■ What you have to do
What lines of the material below hold the string "minecraft"? Copy them out.

::::::::

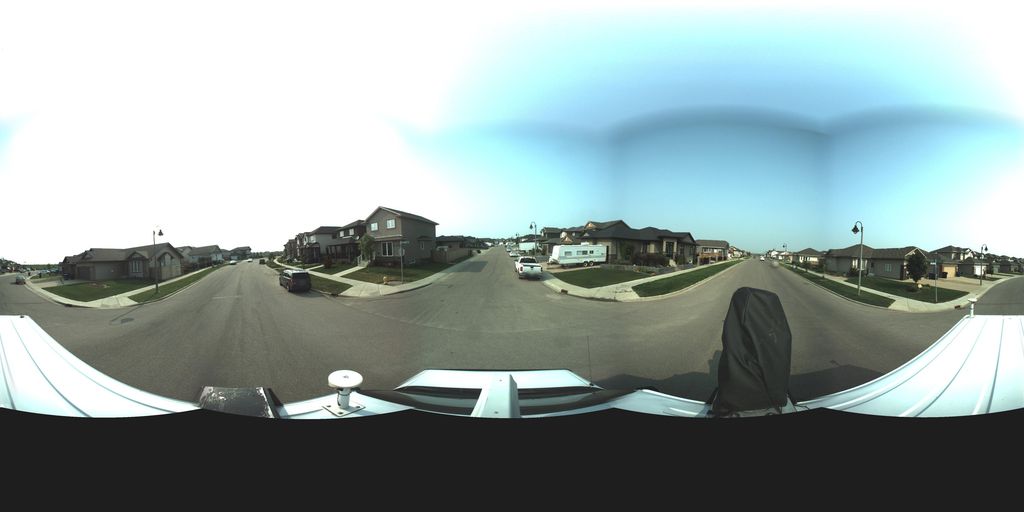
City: saskatoon
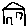
Label: house
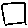
Label: square
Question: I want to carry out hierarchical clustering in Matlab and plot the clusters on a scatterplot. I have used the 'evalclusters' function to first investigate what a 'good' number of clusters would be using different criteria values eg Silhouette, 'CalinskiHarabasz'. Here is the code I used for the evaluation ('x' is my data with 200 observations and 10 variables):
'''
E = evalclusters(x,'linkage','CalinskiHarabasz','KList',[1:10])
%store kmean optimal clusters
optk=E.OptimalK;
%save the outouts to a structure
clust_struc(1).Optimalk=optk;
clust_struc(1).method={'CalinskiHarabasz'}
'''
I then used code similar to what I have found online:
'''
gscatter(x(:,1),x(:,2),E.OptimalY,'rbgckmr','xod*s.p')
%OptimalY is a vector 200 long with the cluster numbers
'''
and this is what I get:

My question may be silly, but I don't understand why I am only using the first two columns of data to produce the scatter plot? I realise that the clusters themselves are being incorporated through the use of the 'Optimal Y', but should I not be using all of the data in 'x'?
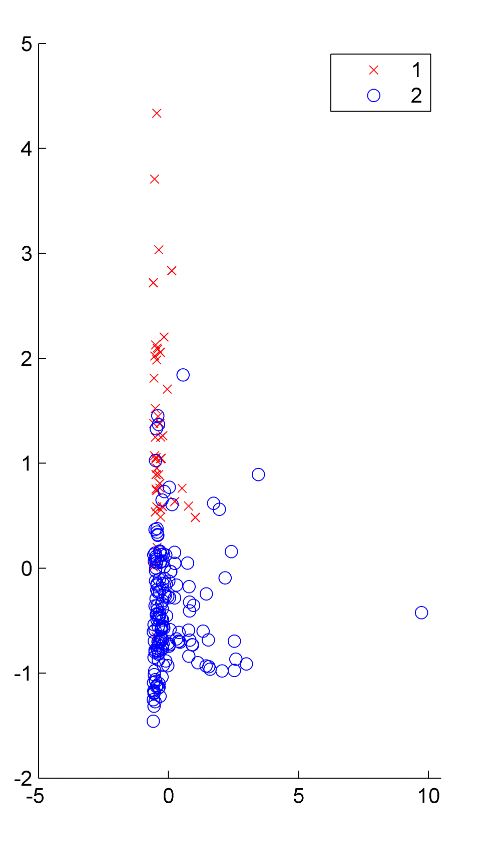
Answer: Each row in 'x' is an observation with properties in 'size(x,2)' dimensions. All this dimensions are used for clustering 'x' rows.
However, when plotting the clusters, we cannot plot more than 2-3 dimensions so we try to represent each element with its key properties. I'm not sure that 'x(:,1),x(:,2)' are the best option, but you have to choose 2 for a 2-D plot.
Usually you would have some property of interest that you want to plot. Have a look at the <URL>.
Here is a comparison between taking Petals measurements and Sepals measurements as the axis for plotting the grouping:
<URL>
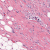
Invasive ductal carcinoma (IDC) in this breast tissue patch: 0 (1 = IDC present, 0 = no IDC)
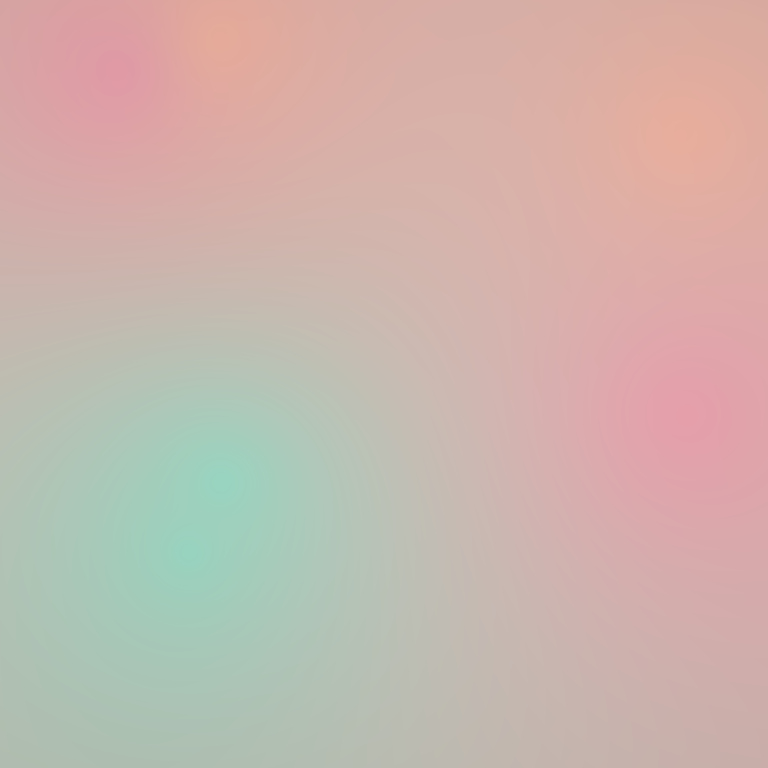
Abstract light effect, smooth gradient from soft pink to gentle teal, calm atmosphere, diffuse glow, no room, no furniture, no objects.
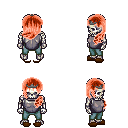
a pixel art fantasy rpg character, male body template, skeleton, steel chest armor, teal pants, red left-swept hairstyle, iron tiara, brown slippers, four views (front, back, left, right), 2x2 character sprite sheet, small pixel art, hard edges, no anti-aliasing
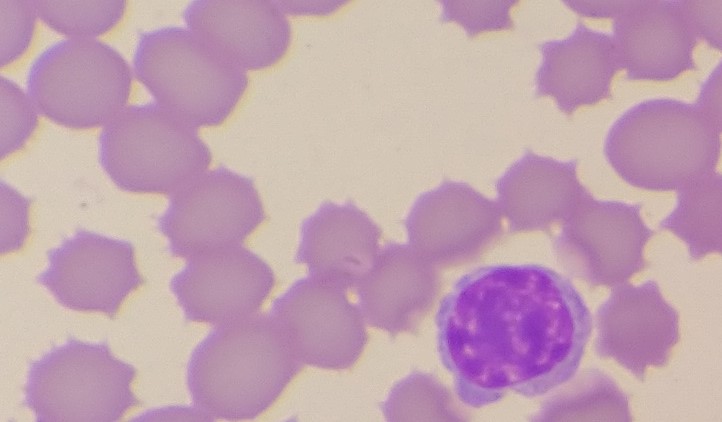
White blood cell type: Lymphocyte
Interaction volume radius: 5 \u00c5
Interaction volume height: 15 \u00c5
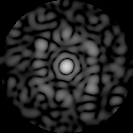
Disorder parameter: 0.7435
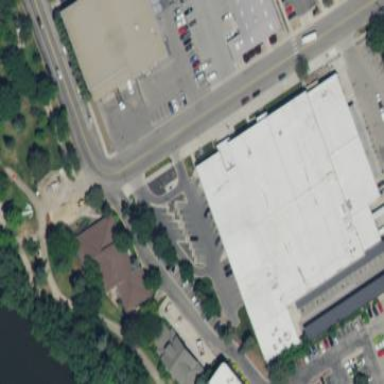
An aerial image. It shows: Post office building.
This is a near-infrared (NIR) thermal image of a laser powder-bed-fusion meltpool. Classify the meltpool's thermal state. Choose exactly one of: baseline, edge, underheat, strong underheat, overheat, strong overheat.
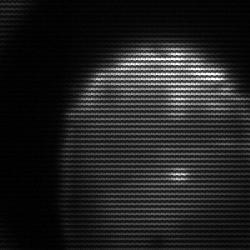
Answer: edge
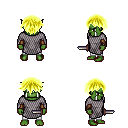
a pixel art fantasy rpg character, male body template, orc, green skin, chain mail, white pants, gold short bangs hairstyle, cloth bracers, dagger, four views (front, back, left, right), 2x2 character sprite sheet, small pixel art, hard edges, no anti-aliasing
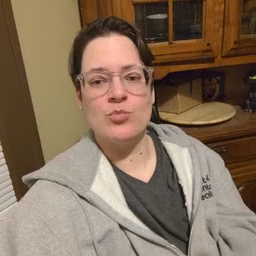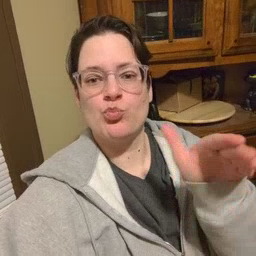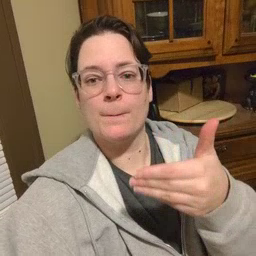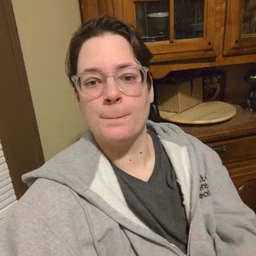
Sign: room
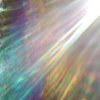
Label: sunburn
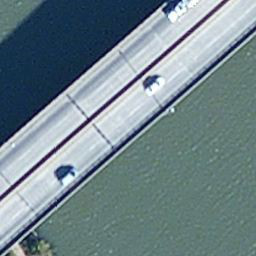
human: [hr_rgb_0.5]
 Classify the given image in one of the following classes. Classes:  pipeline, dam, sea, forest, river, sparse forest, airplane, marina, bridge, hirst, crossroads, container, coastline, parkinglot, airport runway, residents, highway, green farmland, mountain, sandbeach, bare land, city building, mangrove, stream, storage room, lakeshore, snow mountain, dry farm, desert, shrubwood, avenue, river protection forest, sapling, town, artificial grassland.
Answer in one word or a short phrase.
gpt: bridge
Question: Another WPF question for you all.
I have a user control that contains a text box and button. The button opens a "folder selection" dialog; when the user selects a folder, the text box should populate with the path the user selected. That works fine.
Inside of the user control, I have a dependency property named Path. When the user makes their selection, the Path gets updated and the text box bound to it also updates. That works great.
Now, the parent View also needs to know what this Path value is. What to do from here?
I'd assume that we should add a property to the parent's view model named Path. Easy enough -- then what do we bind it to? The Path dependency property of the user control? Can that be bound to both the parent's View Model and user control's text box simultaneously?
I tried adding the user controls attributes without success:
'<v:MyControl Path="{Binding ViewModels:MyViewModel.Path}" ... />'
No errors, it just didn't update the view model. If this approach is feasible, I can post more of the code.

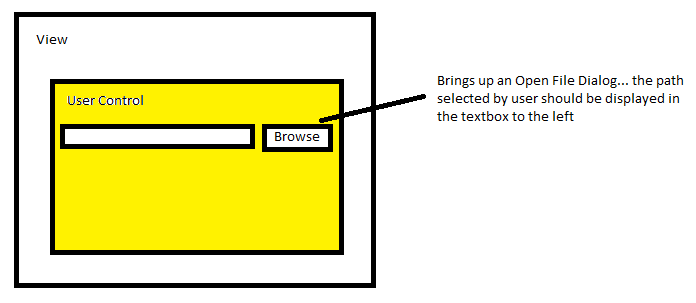
Answer: Dependency properties can be the source of multiple bindings, yes. Speaking solely about the view, I could have a master slider with five text boxes bound to its value, and that would work just fine.
However, since you're living in MVVM, it's probably more sound to use the view model's change-notifying properties as the for this screen. The user control writes to this property, and the parent view reads from it, simple as that.
Rule of thumb: if more than one view-level component needs access to a property, bind both of them to the view model, not to each other.
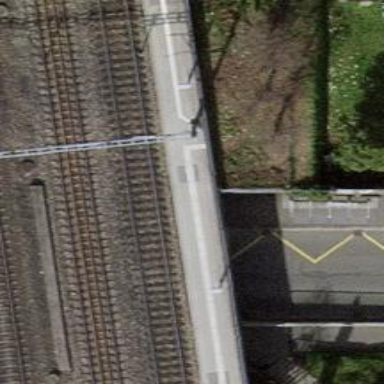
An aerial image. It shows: Sidewalk with asphalt surface. The sidewalk is part of road that goes through tunnel.
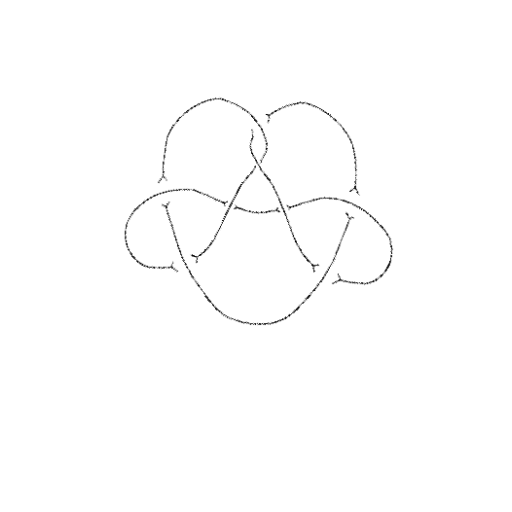
Crossing number: 8
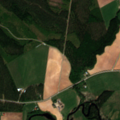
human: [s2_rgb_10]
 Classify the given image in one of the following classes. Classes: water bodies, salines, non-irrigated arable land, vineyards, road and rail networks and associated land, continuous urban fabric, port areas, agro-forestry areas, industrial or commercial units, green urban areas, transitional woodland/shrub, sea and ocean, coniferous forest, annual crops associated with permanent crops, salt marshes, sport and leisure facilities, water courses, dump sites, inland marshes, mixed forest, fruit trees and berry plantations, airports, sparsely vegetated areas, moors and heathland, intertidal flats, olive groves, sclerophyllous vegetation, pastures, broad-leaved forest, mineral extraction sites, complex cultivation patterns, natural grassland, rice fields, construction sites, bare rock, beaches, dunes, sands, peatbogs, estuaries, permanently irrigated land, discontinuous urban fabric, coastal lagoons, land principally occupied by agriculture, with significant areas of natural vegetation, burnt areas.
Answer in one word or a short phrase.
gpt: non-irrigated arable land, land principally occupied by agriculture, with significant areas of natural vegetation, coniferous forest, mixed forest, transitional woodland/shrub
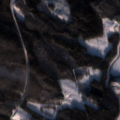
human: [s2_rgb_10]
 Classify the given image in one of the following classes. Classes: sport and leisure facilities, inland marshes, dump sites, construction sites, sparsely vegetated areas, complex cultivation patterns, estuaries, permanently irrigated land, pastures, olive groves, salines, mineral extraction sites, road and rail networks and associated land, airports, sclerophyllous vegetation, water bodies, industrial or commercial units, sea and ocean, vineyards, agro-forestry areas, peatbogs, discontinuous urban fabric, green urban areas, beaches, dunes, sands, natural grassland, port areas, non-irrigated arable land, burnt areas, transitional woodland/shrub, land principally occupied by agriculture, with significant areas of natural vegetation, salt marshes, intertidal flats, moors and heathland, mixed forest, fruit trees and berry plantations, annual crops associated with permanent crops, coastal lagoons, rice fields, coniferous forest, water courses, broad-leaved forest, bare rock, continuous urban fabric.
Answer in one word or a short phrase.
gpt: coniferous forest, mixed forest
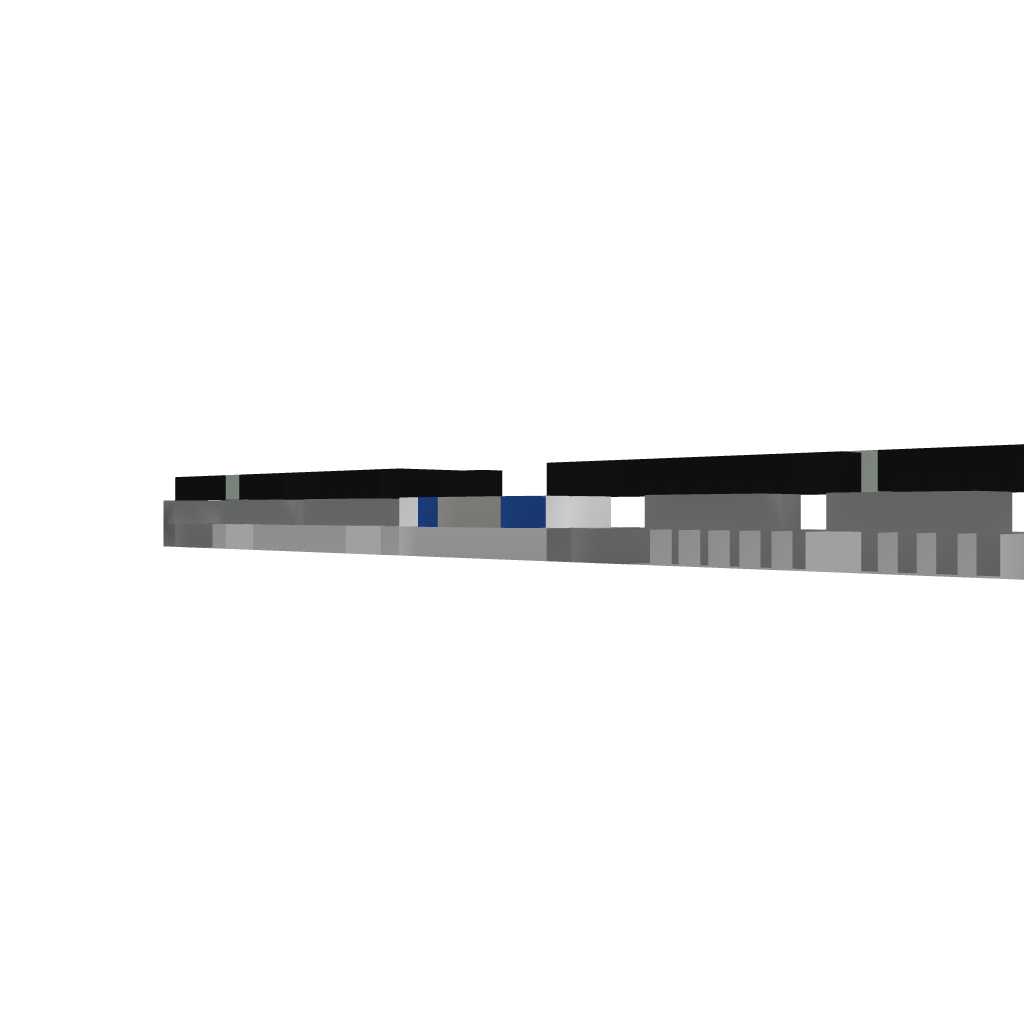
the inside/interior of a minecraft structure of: Firework machine!
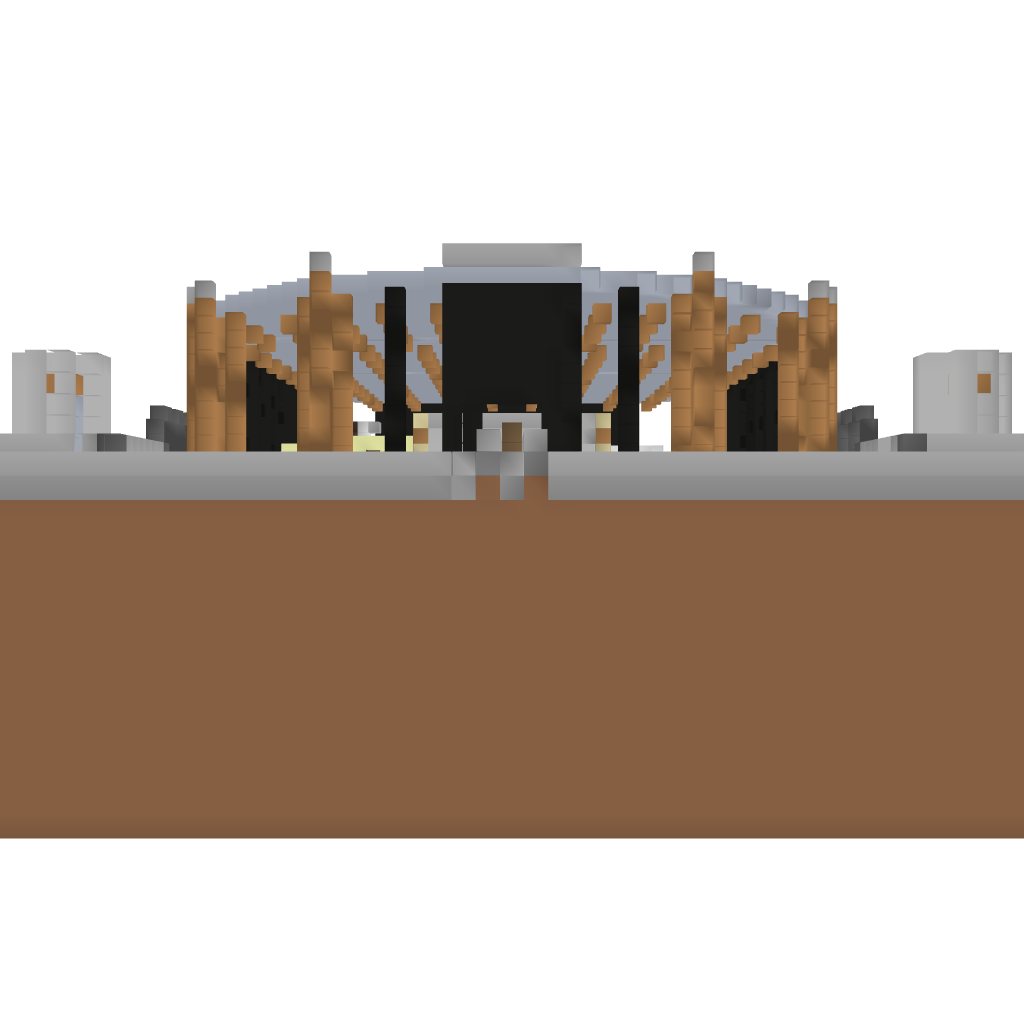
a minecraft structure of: Swimming Centre
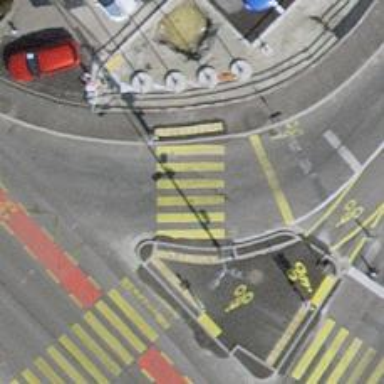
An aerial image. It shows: Road crossing with traffic signals.
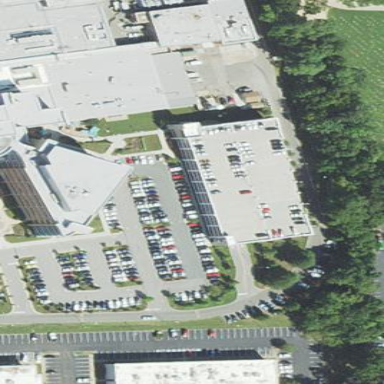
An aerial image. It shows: Multi-storey parking building.
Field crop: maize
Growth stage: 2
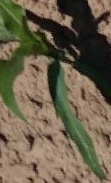
Species: maize
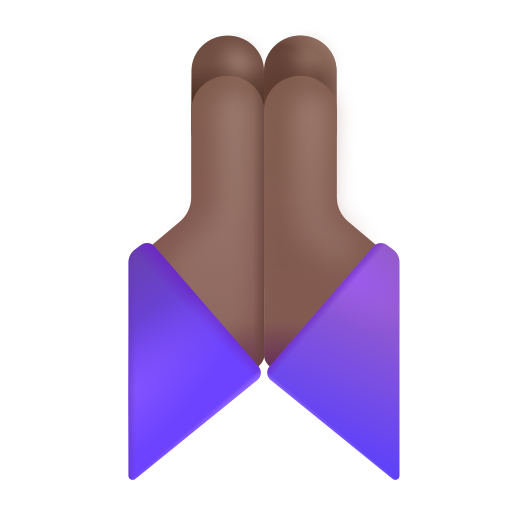
folded hands color  dark
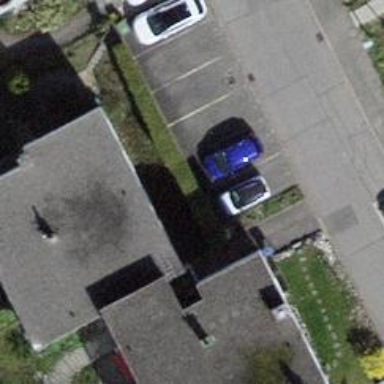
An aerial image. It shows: Building with flat roof.
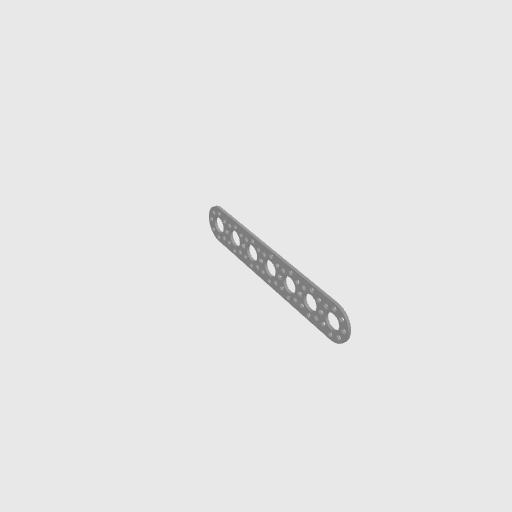
Part: PatternPlateRoundEnd7H
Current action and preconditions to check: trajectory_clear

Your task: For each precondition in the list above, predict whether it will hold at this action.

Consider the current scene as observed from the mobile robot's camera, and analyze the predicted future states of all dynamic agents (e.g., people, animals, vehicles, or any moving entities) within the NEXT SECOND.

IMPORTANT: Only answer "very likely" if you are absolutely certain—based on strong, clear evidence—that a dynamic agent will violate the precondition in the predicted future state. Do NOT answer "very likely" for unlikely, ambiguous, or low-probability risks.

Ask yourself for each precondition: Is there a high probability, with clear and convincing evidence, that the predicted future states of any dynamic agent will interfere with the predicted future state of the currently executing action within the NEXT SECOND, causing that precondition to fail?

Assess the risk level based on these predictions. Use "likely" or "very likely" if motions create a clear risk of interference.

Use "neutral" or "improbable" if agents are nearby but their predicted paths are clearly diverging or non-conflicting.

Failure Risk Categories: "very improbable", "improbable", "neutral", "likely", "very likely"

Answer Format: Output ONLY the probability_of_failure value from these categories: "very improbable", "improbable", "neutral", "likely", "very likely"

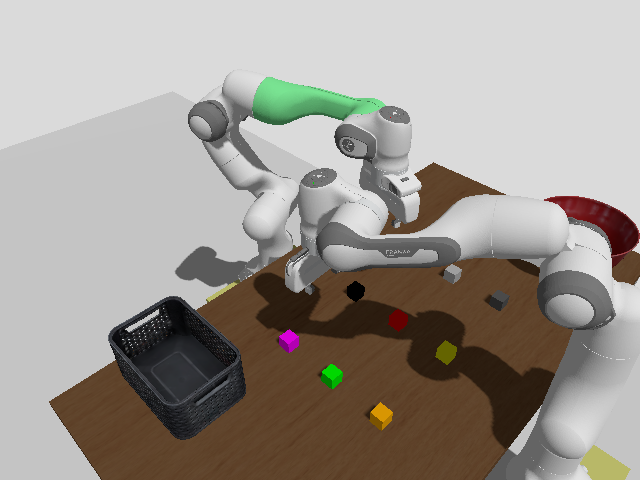

Answer: very improbable

::::::::

■ Solution below
the inside/interior of a minecraft structure of: Firework machine!
a minecraft structure of: Swimming Centre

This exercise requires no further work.